Active Exploration via Autoregressive Generation of Missing Data
Tiffany Tianhui Cai, Hongseok Namkoong, Daniel Russo, Kelly W Zhang
TL;DR
This paper reframes active exploration as uncertainty over missing future outcomes and replaces latent-parameter posterior sampling with autoregressive generation of those outcomes. It introduces an offline/online pipeline where a sequence model is trained on past tasks with unstructured priors Z and then used to generate missing outcomes online, enabling Thompson sampling in a context where in-context learning updates beliefs without retraining. The authors prove that offline next-outcome prediction quality governs online posterior-sampling accuracy and derive regret bounds that tie online performance to offline prediction loss, providing a principled reduction from online decision-making to offline sequence modeling. Empirical results in synthetic and semi-synthetic news-recommendation settings show accurate uncertainty quantification and low regret when using text-based priors, illustrating the practical potential of leveraging foundation-model information for informed exploration. Overall, the work offers a scalable, principled bridge between modern sequence modeling and adaptive decision-making, with broad implications for recommender systems and other interactive learning tasks.
Abstract
We pose uncertainty quantification and exploration in online decision-making as a problem of training and generation from an autoregressive sequence model, an area experiencing rapid innovation. Our approach rests on viewing uncertainty as arising from missing future outcomes that would be revealed through appropriate action choices, rather than from unobservable latent parameters of the environment. This reformulation aligns naturally with modern machine learning capabilities: we can i) train generative models through next-outcome prediction rather than fit explicit priors, ii) assess uncertainty through autoregressive generation rather than parameter sampling, and iii) adapt to new information through in-context learning rather than explicit posterior updating.
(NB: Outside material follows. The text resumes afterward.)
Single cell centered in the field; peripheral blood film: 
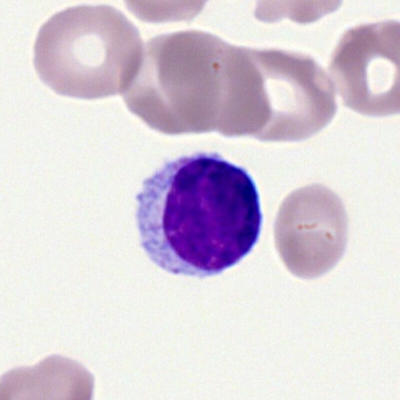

To showcase these ideas, we formulate a challenging meta-bandit problem where effective performance requires leveraging unstructured prior information (like text features) while exploring judiciously to resolve key remaining uncertainties. We validate our approach through both theory and experiments. Our theory establishes a reduction, showing success at offline next-outcome prediction translates to reliable online uncertainty quantification and decision-making, even with strategically collected data. Semi-synthetic experiments show our insights bear out in a news-article recommendation task, where article text can be leveraged to minimize exploration.